Reklama

Sport

MŚ w pływaniu - popis Wasick w półfinale, siódme miejsce Majerskiego

Katarzyna Wasick na 50 m stylem dowolnym oraz Ksawery Masiuk na 50 m stylem grzbietowym zakwalifikowali się do sobotnich finałów mistrzostw świata, które odbywają się w Budapeszcie. Siódmy w finale na 100 m stylem motylkowym był Jakub Majerski.

[ TEMATY ]

mistrzostwa świata

pływanie

PAP/Tamas Kovacs

Katarzyna Wasick

Katarzyna Wasick

Bądź na bieżąco!

Zapisz się do newslettera

Wasick czasem 24,11 pobiła o 0,06 s własny rekord Polski z ubiegłego roku. Polka miała najlepszy wynik w całej stawce. Drugi rezultat uzyskała zwyciężczyni drugiego wyścigu półfinałowego Szwedka Sarah Sjoestroem - 24,15.

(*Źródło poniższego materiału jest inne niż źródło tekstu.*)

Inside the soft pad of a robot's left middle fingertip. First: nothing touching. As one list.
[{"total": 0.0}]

Masiuk także poprawił rekord kraju, który sam ustanowił... kilka godzin wcześniej. W porannej sesji uzyskał 24,64, a w wieczornej miał 24,48 i z piątym czasem zakwalifikował się do finału na 50 m "motylkiem". Najszybciej w półfinałach popłynął Amerykanin Justin Ress - 24,14.

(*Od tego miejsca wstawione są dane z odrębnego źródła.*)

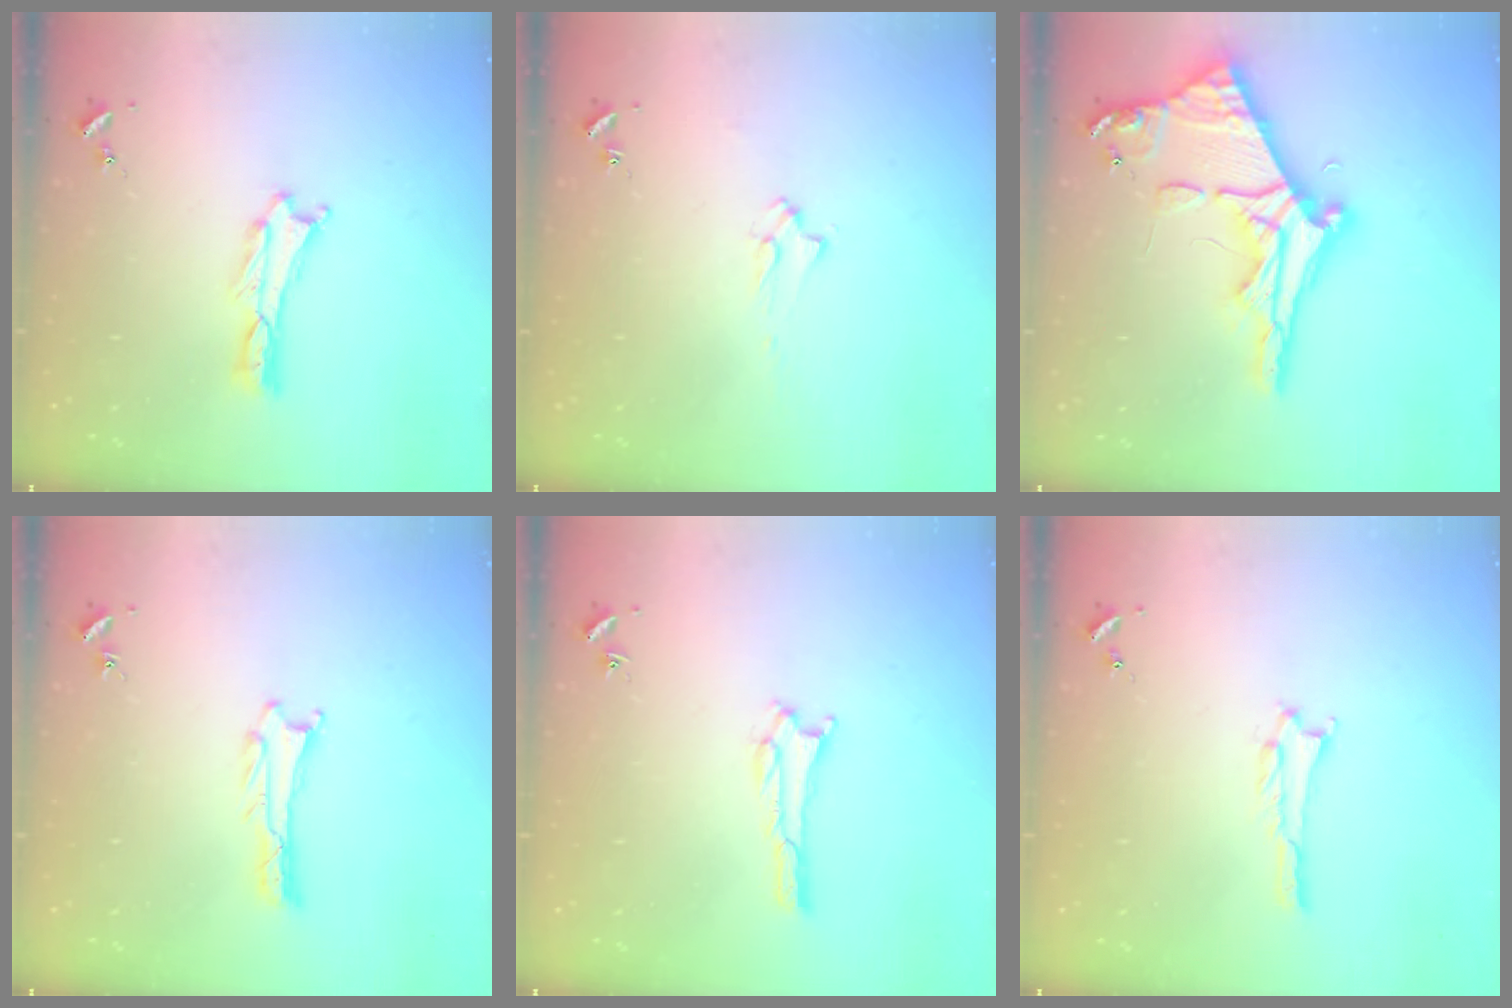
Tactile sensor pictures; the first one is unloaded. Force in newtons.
{"total": 2.0, "press": 2.0, "slide": 0.3}
{"total": 10.0, "press": 10.0, "slide": 0.8}
{"total": 0.8, "press": 0.7, "slide": 0.1}
{"total": 1.5, "press": 1.5, "slide": 0.2}
{"total": 0.6, "press": 0.6, "slide": 0.1}

Pomóż w rozwoju naszego portalu

Wspieram

Majerski, rekordzista Polski (50,92), był siódmy w finale na 100 m stylem motylkowym, uzyskując 51,35. Bezkonkurencyjny okazał się reprezentant gospodarzy Kristof Milak - 50,14, a na podium stanęli również Japończyk Naoki Mizunuma - 50,94 i Kanadyjczyk Joshua Liendo Edwards - 50,97.

W porannych eliminacjach na 1500 m stylem dowolnym na 11. miejscu zmagania zakończył Krzysztof Chmielewski. Do finału zakwalifikowało się tylko ośmiu najlepszych pływaków.

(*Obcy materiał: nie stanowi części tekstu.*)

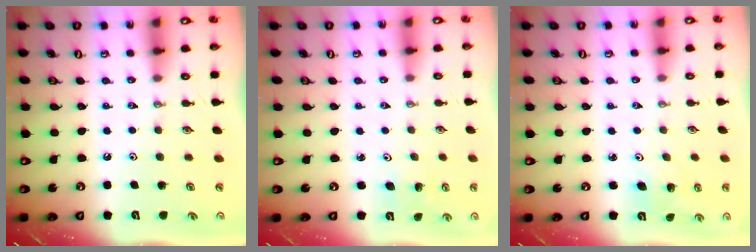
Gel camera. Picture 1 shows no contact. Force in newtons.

W piątkowe popołudnie Sjoestroem po raz czwarty z rzędu zdobyła złoty medal na 50 m st. motylkowym. 28-letnia Szwedka, rekordzistka świata, uzyskała 24,95 i wyprzedziła Francuzkę Melanie Henique - 25,31 oraz Chinkę Zhang Yufei - 25,32. Polki w tej konkurencji nie startowały.

Reklama

Nie zawiodła też słynna Amerykanka Katie Ledecky, która zwyciężyła w finale na 800 m stylem dowolnym i wywalczyła 19. w karierze złoty medal mistrzostw świata. 25-letnia pływaczka, która w dorobku ma też siedem triumfów w igrzyskach olimpijskich, zdominowała konkurencję. Uzyskała czas 8.08,04 i miała więcej niż 10,5 sekundy przewagi nad srebrną medalistką - Australijką Kiah Melverton. Brąz wywalczyła Włoszka Simona Quadarella.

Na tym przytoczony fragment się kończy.